Boris Johnson vows to keep going despite double byelection defeat

Boris Johnson vows to keep going despite double byelection defeat

Boris Johnson promised to keep going even after a double-by-election defeat and the resignation of a cabinet minister.

The prime minister said on Friday that losing the former Tory stronghold of Tiverton and Honiton to the Liberal Democrats and surrendering Wakefield to Labour was hard, but he insists he would listen to voters.

The Tories party co-chair Oliver Dowden resigned, saying that he and his supporters were distressed and disappointed by recent events. In a pointed message he pledged to the Conservative party rather than Johnson and said someone must take over the role. The prime minister, speaking to broadcasters 4,000 miles away in Rwanda, where he is attending a Commonwealth summit, thanked Dowden for his service in the role. He said he would take responsibility, but he said that the cost of living crisis was the most important thing for voters.

He said that we had some tough byelection results, but we have to recognize that voters are going through a tough time at the moment, because they ve been a reflection of a lot of things. As a government, I think that you have to listen to what people are saying, especially when it comes to the difficulties people are facing over the cost of living, which I think is the number one issue for most people.

We are seeing a spike in fuel prices, energy costs, food costs, and we are facing pressures on the cost of living. That is hitting people. We have to recognize that we have more to do and we certainly will, we will continue to address the concerns of people until we get through this patch. Johnson said the results should be examined in light of Covid and the cost of living crisis, and that he was asked if the defeat was due to his leadership.

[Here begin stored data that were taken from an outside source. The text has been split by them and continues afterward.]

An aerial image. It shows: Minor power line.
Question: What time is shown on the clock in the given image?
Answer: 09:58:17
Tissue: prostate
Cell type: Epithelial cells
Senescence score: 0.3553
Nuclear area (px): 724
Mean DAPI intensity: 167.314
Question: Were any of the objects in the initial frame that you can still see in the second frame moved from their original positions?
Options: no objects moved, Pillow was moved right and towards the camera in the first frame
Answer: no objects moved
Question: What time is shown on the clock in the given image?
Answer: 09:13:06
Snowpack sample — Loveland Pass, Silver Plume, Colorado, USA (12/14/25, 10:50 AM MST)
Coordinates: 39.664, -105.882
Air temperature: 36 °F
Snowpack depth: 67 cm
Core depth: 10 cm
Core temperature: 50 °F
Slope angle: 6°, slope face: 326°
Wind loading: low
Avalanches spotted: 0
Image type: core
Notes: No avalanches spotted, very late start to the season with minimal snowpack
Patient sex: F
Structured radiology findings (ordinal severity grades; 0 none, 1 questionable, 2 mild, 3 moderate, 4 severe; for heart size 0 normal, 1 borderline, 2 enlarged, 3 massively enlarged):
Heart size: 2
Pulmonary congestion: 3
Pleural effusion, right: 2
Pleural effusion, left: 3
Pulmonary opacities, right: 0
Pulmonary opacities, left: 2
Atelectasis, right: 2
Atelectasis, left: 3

I don't want to minimise the importance of what people are saying, but it is also true that in mid-term government post-war elections, if you look back to last May, the truly astonishing thing was that we managed to win Hartlepool in very different circumstances, he said.

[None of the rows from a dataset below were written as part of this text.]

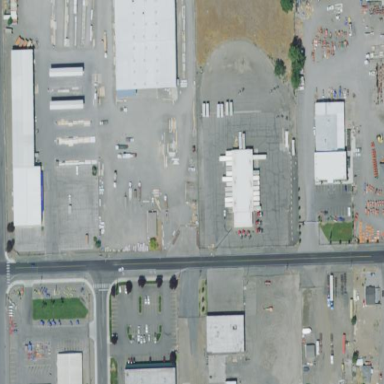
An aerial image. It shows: Industrial area.
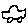
Label: car
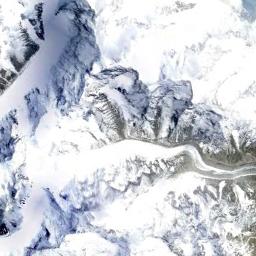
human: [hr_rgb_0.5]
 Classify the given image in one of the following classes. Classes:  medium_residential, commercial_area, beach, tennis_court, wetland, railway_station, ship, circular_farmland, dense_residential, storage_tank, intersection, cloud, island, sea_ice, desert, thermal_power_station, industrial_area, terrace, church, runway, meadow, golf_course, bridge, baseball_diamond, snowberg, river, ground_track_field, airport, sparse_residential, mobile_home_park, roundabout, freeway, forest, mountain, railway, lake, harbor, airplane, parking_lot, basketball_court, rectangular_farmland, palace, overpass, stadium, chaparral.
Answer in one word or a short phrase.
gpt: snowberg
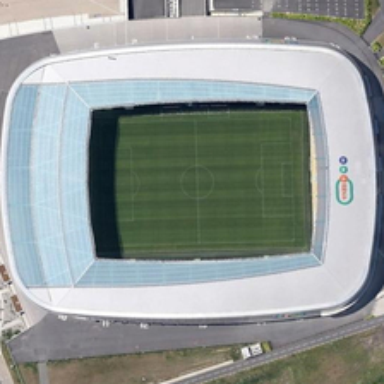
The stadium has blue and white ceiling with a logo .
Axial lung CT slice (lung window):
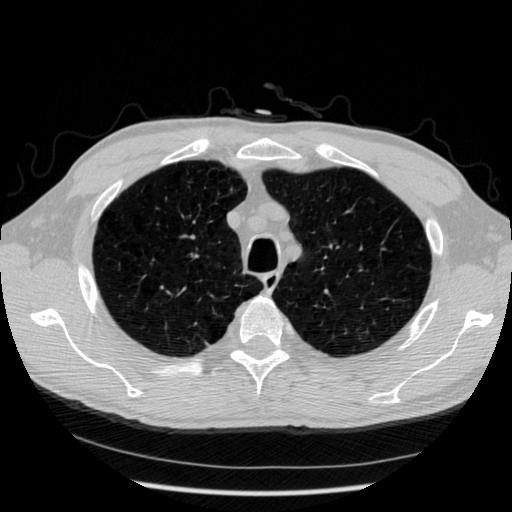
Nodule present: no
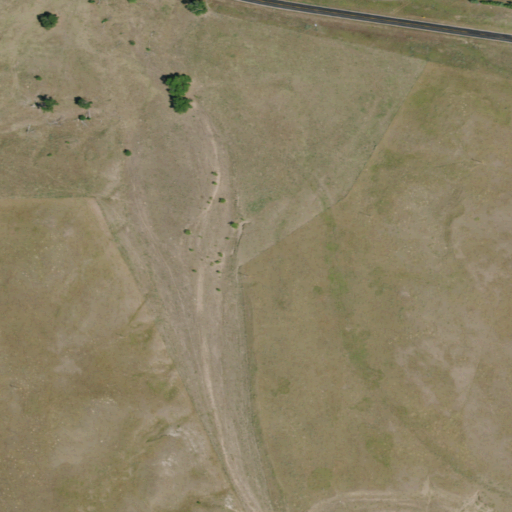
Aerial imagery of valley in Nebraska named Berry Gulch containing grassland, open development, low intensity development, and woody wetlands
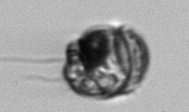
Label: Proterythropsis

What we need to do is reflect on where voters are. They are basically feeling that we came through Covid well and we took a lot of the right decisions there. Before boarding a plane for Kigali on Wednesday night, the prime minister said he should quit if he lost both votes as crazy. Government parties generally don't win byelections, especially not in the mid-term. I am very hopeful, but you know, there you go. Asked to confirm that he was not considering his future, he replied: Are you crazy? The deputy prime minister, Dominic Raab, said that the government needed to listen very carefully to the results, but that factors such as the distractions of Downing Street parties had hampered its message.

Raab told BBC Radio 4 s Today that we have an incredibly positive agenda and that we stepped in for Dowden, who had been due to take on the morning broadcast round before he resigned. The problem is that we have too many distractions, they are well rehearsed, and what we need to do is two years in which we focus on the cost of living, the economy, reforms that we are making. Johnson is expected to hold a meeting with Prince Charles on Friday morning, his first since the heir to the throne was widely reported as criticising the UK's asylum deal with Rwanda.

Johnson will also be at the official start of the Commonwealth heads of government meeting, along with Charles, who will open the event.